A familiar phrase, but what does it signify? The law says that a contract does not exist between two or more parties until a quid pro, where each side receives something for giving something else. This is unfortunately only too common in politics where and when an unwritten and an unspoken quid pro quo exists.

Any attempt by Governor Malloy to deny that such a quid pro quo exists with respect to public employee unions is a farce and an insult to our intelligence. He owes his election to certain groups and the unions were one of them.

The farce is in telling us that he demands sacrifices from everybody, including public employees; he will lay off hundreds of them, so he says. I have and you have seen thousands of hardworking men and women walk through the company gate when a government contract was terminated. That is the truth and not the farce we are being told. Public employees are for the most part protected by their vital function in the public sector from massive layoffs which many of us have experienced firsthand. Public employees by having a virtual monopoly on their jobs cannot also ask for the same pay and benefits as those who must frequently seek other jobs and also perhaps, relocate, but in fact they get more when you count all their fringe benefits.

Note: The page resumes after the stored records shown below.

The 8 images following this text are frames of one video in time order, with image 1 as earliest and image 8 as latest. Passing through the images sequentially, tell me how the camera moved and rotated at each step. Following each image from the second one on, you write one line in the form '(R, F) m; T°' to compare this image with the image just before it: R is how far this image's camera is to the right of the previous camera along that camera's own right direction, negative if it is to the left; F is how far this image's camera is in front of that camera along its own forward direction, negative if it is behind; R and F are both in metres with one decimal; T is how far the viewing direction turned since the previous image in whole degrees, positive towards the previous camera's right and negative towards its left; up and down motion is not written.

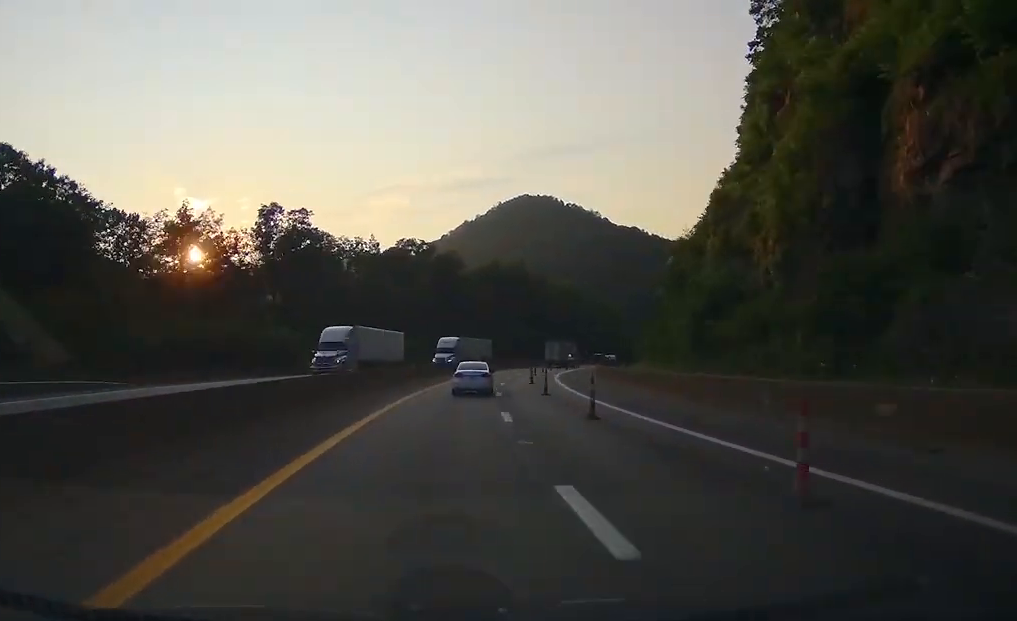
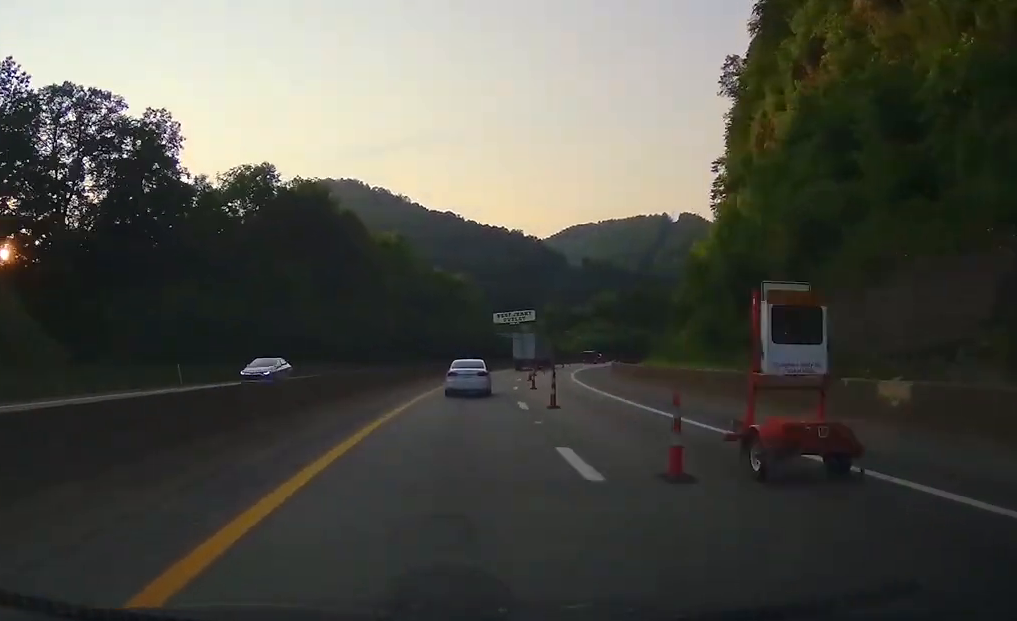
(+11.4, +96.4) m; +16°
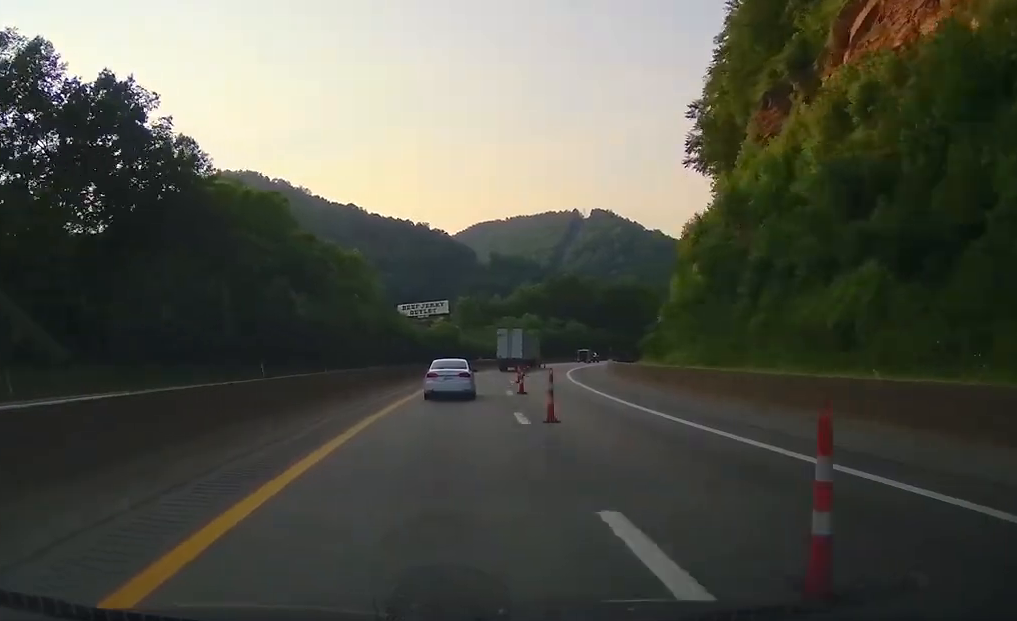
(+4.7, +42.1) m; +8°
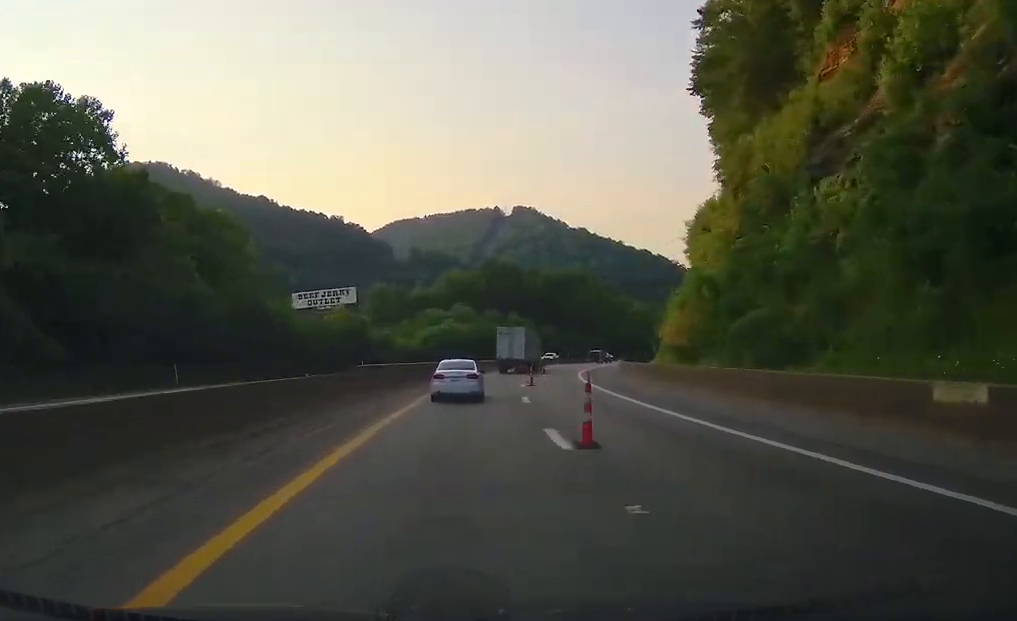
(+0.7, +42.5) m; +8°
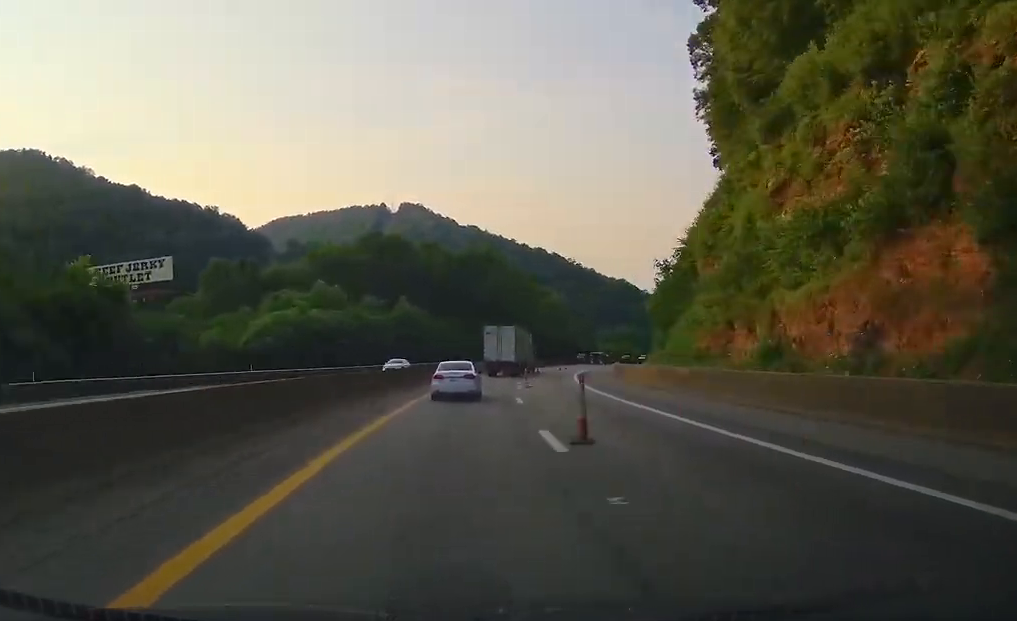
(+6.5, +52.0) m; +10°
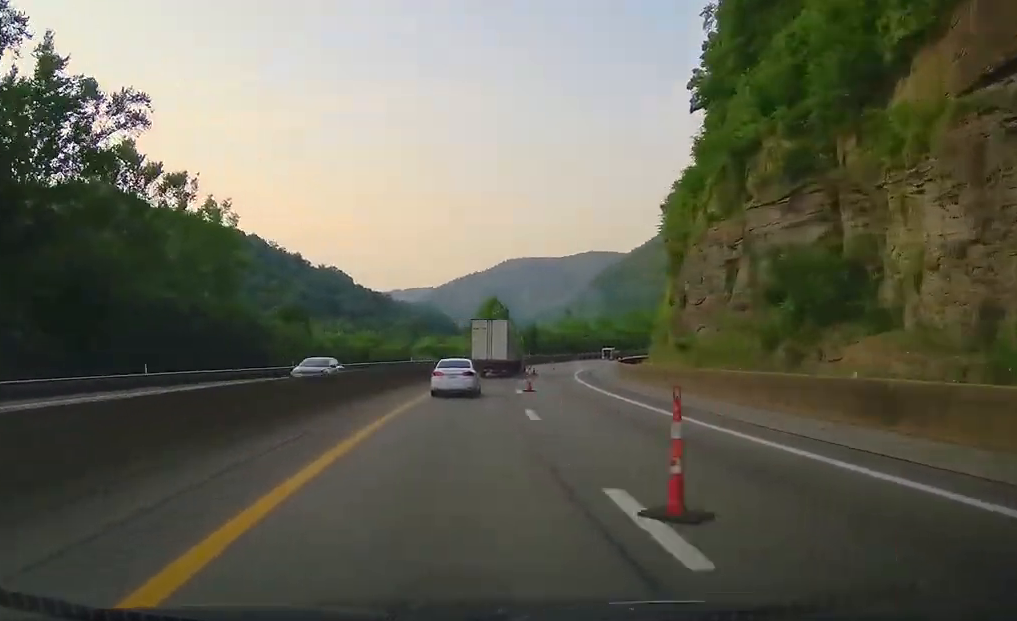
(+26.5, +129.9) m; +24°
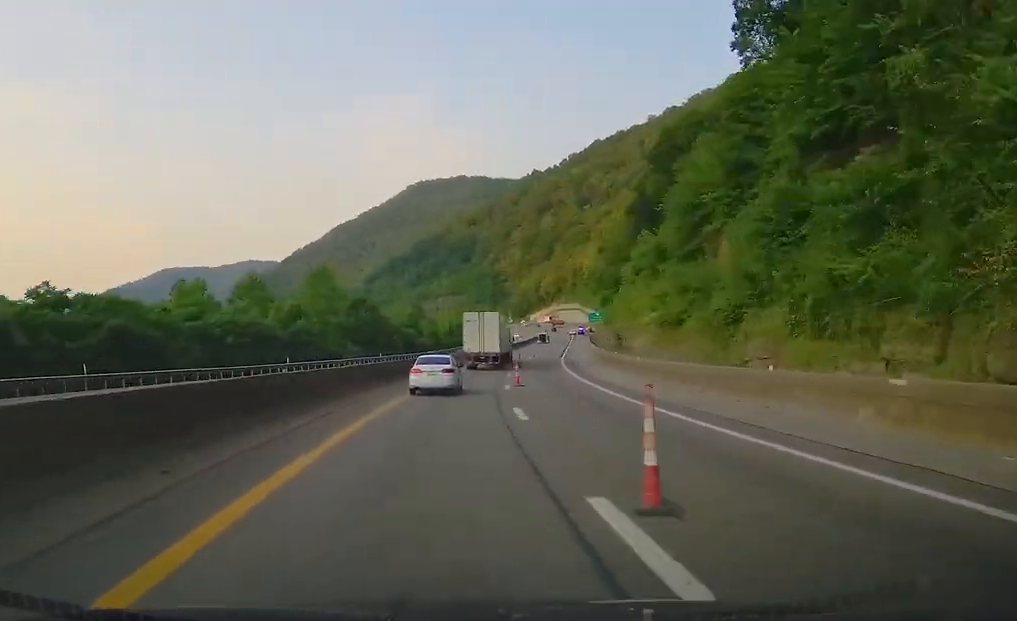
(+38.0, +147.0) m; +25°
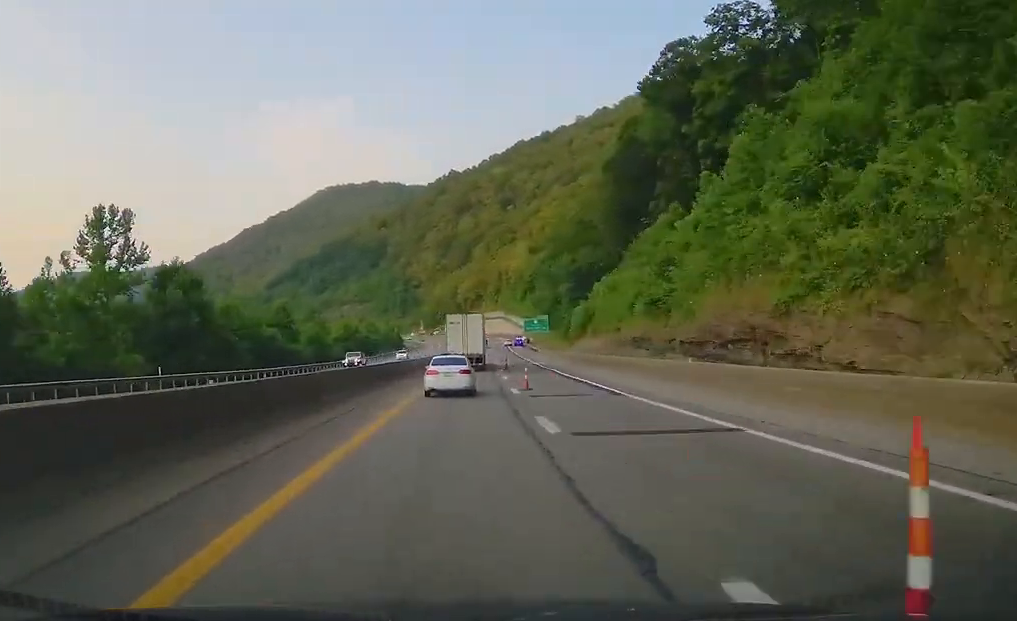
(+3.2, +53.4) m; +4°

The New Deal of FDR and the Square Deal of Teddy Roosevelt are not representative of the workplace today where only public employees can be reasonably certain of a job until retirement. It is time for a Fair Deal and that means everybody.

You have seen what can happen in Wisconsin. The governor there faced up to the inevitable. He and his State Assembly abolished collective bargaining of public employees. I congratulate him for the political courage he displayed. You have heard the famous phrase from one of our Founding Fathers: “Gentlemen, we either all hang together or we will all hang separately!” We must seek and persist on social justice for all and this includes public employees.

The present course which Governor Malloy pursues imposes more burden on those of us in the private sector who already have been strained to our limit. The course advocated by Governor Malloy in asking for higher taxes strains reason, fairness, and hope for a speedy economic recovery.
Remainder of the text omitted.